• **TASK PROMPT**: Please transcribe, exactly, the line that contains "nessun componente del" and every line after it to the end of the records, and nothing else.

+++ INPUT DATA +++

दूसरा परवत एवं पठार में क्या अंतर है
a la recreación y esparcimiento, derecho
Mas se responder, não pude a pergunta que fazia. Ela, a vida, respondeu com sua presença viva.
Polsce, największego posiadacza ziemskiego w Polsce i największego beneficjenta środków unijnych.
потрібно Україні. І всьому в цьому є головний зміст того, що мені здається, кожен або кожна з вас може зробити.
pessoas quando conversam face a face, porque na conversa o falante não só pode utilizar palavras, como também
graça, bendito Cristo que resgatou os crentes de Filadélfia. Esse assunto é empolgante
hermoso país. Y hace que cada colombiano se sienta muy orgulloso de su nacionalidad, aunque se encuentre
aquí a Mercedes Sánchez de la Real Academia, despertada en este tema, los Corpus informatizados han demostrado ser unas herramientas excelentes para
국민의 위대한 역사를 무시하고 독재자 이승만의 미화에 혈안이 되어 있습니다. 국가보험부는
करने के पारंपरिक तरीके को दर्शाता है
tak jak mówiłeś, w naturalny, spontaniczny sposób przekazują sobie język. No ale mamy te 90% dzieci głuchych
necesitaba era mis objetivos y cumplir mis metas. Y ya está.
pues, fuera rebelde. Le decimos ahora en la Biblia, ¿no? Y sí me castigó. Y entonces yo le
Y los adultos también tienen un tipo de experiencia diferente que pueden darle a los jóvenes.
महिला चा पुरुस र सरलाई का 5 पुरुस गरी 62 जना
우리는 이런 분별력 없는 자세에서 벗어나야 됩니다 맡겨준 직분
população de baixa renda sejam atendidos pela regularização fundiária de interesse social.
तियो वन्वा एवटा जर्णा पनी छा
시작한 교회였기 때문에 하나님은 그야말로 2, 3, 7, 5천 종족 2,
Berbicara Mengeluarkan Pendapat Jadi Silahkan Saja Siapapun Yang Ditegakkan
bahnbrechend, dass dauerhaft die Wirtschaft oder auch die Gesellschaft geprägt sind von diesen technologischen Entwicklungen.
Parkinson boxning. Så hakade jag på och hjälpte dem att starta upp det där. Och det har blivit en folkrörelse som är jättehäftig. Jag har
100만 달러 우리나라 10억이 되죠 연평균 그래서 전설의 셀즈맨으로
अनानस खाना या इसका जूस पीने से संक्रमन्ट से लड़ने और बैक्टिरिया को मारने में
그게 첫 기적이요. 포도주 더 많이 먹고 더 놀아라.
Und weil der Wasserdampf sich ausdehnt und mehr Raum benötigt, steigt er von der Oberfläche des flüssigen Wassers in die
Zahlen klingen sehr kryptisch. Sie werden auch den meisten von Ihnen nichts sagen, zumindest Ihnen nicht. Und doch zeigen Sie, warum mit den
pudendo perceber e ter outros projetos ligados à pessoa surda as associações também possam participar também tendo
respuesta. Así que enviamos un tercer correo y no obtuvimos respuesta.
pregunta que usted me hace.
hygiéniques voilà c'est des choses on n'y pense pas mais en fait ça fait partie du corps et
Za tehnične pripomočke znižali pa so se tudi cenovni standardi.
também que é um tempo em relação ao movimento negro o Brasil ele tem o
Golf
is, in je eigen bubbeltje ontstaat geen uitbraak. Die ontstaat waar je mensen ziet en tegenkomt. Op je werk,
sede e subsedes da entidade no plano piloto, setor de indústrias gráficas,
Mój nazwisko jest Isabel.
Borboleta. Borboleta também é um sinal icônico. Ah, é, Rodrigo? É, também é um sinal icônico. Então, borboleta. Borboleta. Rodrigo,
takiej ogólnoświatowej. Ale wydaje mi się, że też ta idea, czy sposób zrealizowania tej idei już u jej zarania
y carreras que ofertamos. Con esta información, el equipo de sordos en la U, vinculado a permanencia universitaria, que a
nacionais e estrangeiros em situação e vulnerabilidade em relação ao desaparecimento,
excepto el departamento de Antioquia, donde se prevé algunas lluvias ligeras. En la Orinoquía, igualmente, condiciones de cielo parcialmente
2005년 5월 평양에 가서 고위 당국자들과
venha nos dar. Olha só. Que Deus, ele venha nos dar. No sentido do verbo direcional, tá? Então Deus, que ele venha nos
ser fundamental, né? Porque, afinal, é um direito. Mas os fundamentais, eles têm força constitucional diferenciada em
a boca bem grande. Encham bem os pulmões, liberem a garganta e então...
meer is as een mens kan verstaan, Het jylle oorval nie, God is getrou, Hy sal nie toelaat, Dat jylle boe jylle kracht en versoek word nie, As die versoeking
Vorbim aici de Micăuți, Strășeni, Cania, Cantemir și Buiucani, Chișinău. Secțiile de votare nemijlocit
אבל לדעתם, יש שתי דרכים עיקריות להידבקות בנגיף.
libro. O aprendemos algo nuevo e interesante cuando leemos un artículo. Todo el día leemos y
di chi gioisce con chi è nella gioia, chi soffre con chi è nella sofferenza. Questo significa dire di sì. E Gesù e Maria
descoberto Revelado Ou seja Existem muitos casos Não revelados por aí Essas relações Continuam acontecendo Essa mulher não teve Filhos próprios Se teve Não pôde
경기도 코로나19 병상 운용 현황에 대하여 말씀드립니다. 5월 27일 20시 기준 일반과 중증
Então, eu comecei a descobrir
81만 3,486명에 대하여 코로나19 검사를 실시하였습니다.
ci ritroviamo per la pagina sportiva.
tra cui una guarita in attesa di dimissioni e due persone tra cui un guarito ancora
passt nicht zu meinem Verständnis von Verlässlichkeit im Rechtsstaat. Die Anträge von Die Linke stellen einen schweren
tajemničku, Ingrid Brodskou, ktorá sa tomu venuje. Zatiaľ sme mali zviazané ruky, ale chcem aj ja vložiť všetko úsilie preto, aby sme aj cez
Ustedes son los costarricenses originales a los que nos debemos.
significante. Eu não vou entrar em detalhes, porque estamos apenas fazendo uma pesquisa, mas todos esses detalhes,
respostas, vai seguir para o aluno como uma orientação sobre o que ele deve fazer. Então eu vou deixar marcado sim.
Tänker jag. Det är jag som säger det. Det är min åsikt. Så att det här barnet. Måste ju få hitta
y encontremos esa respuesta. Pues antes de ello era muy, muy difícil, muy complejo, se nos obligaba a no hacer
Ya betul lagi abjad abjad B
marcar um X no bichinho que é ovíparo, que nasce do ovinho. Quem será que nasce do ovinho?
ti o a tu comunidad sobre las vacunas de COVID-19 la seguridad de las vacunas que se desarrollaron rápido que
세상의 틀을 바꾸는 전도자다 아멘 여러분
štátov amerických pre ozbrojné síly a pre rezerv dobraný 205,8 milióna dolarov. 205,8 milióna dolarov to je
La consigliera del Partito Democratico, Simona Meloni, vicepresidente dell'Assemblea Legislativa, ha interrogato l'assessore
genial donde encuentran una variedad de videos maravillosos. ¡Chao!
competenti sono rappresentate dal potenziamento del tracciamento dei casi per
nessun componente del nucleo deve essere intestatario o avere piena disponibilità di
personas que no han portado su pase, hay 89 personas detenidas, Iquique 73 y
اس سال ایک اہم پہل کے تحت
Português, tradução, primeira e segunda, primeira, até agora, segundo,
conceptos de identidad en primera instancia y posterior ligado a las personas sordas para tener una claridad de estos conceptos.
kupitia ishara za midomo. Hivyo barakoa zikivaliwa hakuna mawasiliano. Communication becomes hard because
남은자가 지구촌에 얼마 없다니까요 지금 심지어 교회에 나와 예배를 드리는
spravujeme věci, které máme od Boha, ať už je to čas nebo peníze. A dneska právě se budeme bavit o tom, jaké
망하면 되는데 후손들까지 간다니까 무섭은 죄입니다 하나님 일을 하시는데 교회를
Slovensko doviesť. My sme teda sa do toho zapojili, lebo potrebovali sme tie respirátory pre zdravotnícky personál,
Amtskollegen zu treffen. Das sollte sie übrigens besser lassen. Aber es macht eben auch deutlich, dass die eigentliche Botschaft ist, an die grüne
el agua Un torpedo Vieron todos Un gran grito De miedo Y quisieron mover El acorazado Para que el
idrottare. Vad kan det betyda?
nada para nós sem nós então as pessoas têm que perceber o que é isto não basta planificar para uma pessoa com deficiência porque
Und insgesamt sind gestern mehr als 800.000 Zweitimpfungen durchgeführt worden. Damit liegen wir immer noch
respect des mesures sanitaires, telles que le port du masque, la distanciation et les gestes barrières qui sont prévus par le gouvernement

+++

• **EXERCISE RESULT**:
nessun componente del nucleo deve essere intestatario o avere piena disponibilità di
personas que no han portado su pase, hay 89 personas detenidas, Iquique 73 y
اس سال ایک اہم پہل کے تحت
Português, tradução, primeira e segunda, primeira, até agora, segundo,
conceptos de identidad en primera instancia y posterior ligado a las personas sordas para tener una claridad de estos conceptos.
kupitia ishara za midomo. Hivyo barakoa zikivaliwa hakuna mawasiliano. Communication becomes hard because
남은자가 지구촌에 얼마 없다니까요 지금 심지어 교회에 나와 예배를 드리는
spravujeme věci, které máme od Boha, ať už je to čas nebo peníze. A dneska právě se budeme bavit o tom, jaké
망하면 되는데 후손들까지 간다니까 무섭은 죄입니다 하나님 일을 하시는데 교회를
Slovensko doviesť. My sme teda sa do toho zapojili, lebo potrebovali sme tie respirátory pre zdravotnícky personál,
Amtskollegen zu treffen. Das sollte sie übrigens besser lassen. Aber es macht eben auch deutlich, dass die eigentliche Botschaft ist, an die grüne
el agua Un torpedo Vieron todos Un gran grito De miedo Y quisieron mover El acorazado Para que el
idrottare. Vad kan det betyda?
nada para nós sem nós então as pessoas têm que perceber o que é isto não basta planificar para uma pessoa com deficiência porque
Und insgesamt sind gestern mehr als 800.000 Zweitimpfungen durchgeführt worden. Damit liegen wir immer noch
respect des mesures sanitaires, telles que le port du masque, la distanciation et les gestes barrières qui sont prévus par le gouvernement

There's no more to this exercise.